*Records*:
··········

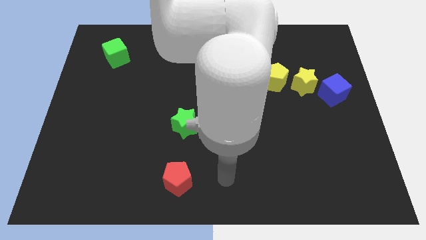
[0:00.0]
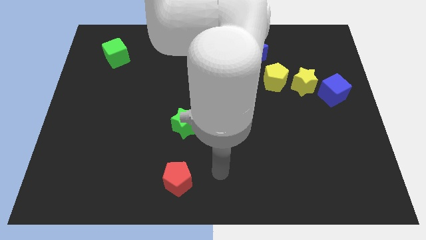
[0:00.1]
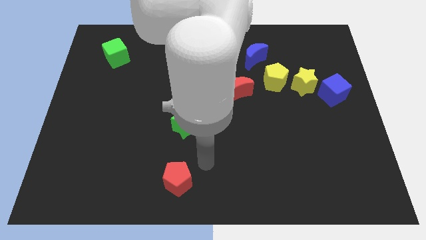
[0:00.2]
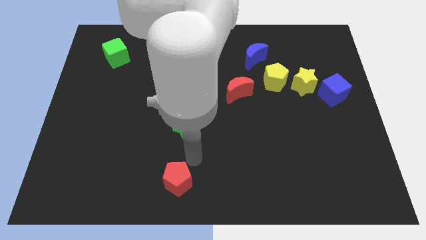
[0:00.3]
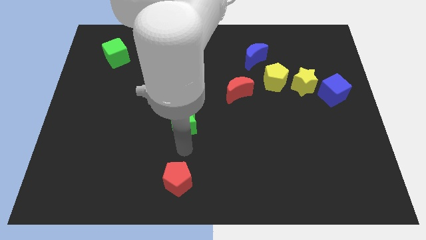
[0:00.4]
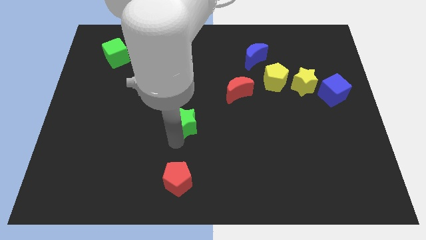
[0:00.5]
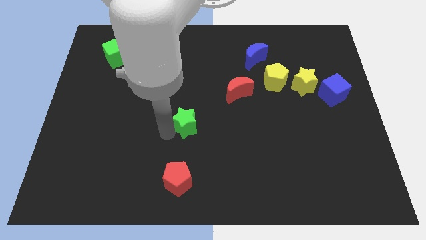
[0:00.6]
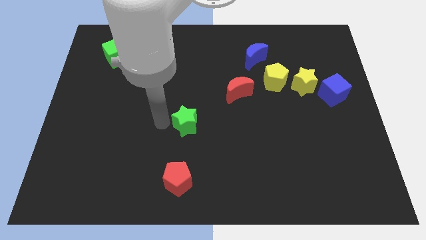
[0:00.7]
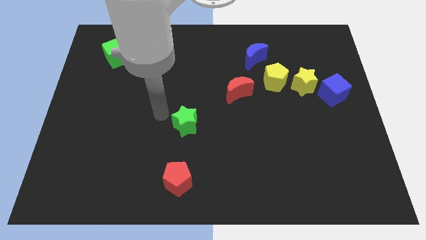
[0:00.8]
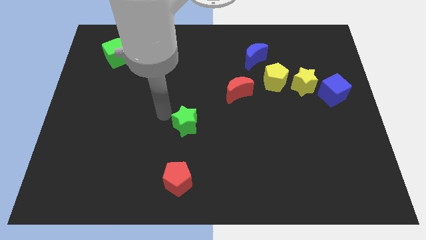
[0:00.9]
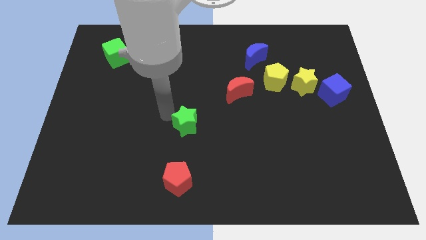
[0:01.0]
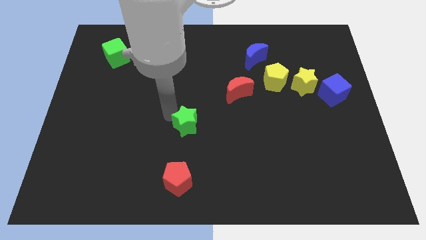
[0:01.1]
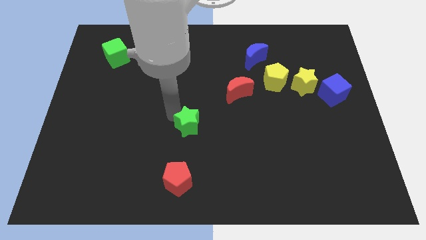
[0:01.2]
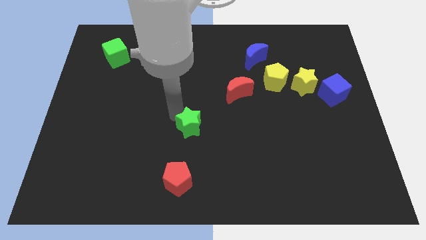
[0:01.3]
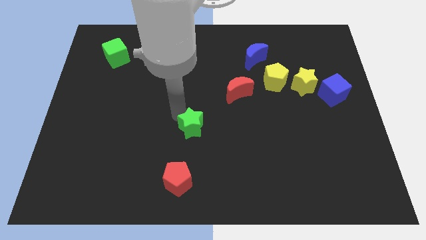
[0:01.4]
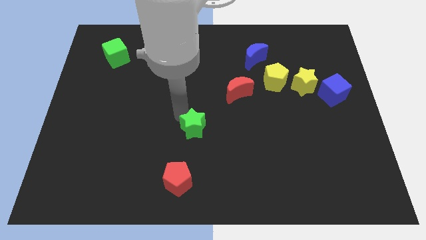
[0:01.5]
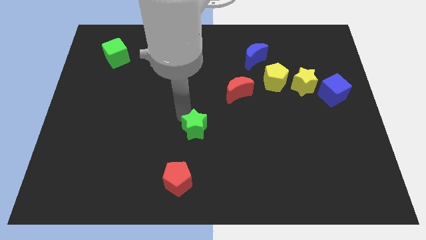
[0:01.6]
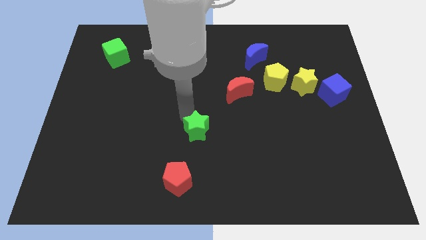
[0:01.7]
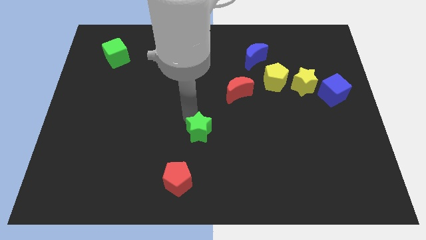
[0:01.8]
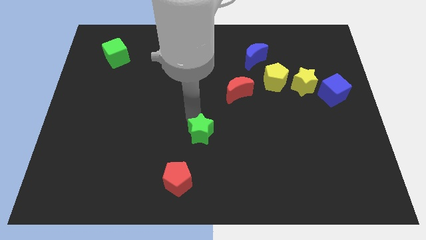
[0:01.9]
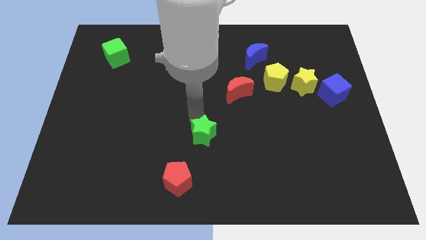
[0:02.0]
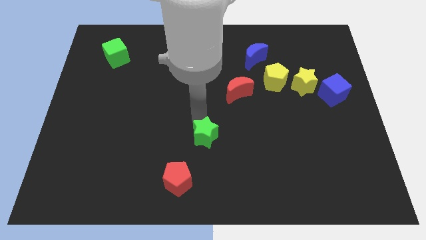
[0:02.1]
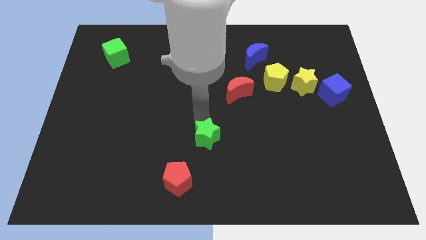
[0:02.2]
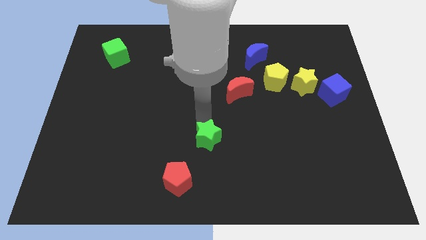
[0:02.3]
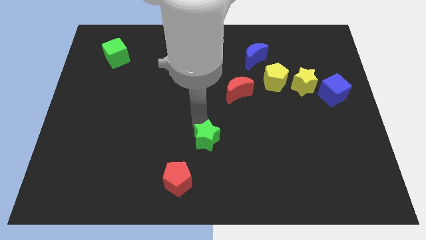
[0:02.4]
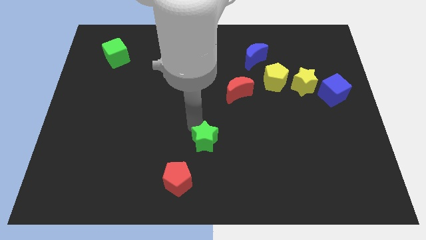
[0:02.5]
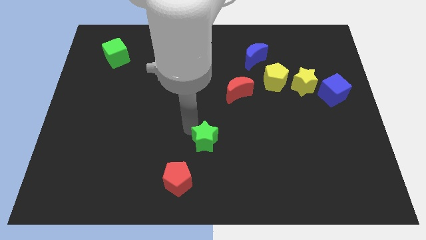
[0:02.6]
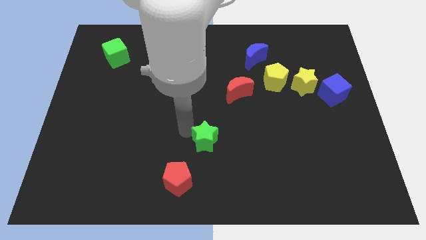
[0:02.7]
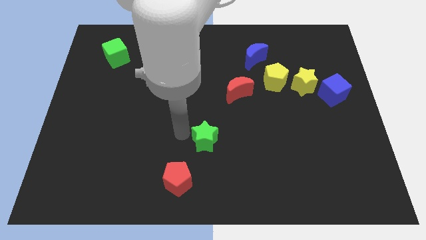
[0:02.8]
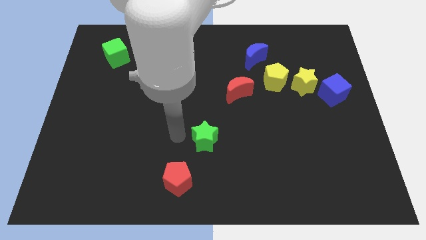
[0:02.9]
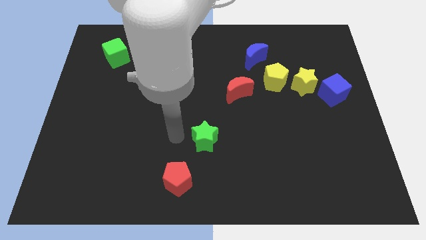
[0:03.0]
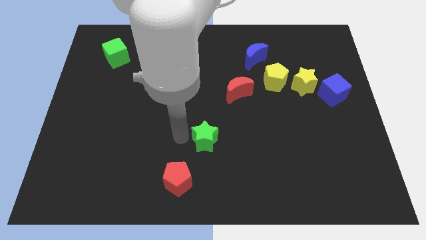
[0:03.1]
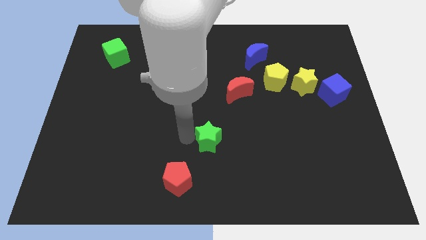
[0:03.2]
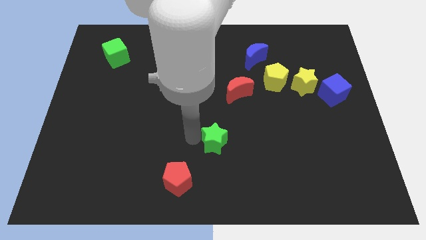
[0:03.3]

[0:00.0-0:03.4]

··········

*Work to be completed*: Instructions for the listing above: set down every entry exactly and drop any image.

*Solution*:
[0:00.0]
[0:00.1]
[0:00.2]
[0:00.3]
[0:00.4]
[0:00.5]
[0:00.6]
[0:00.7]
[0:00.8]
[0:00.9]
[0:01.0]
[0:01.1]
[0:01.2]
[0:01.3]
[0:01.4]
[0:01.5]
[0:01.6]
[0:01.7]
[0:01.8]
[0:01.9]
[0:02.0]
[0:02.1]
[0:02.2]
[0:02.3]
[0:02.4]
[0:02.5]
[0:02.6]
[0:02.7]
[0:02.8]
[0:02.9]
[0:03.0]
[0:03.1]
[0:03.2]
[0:03.3]

[0:00.0-0:03.4]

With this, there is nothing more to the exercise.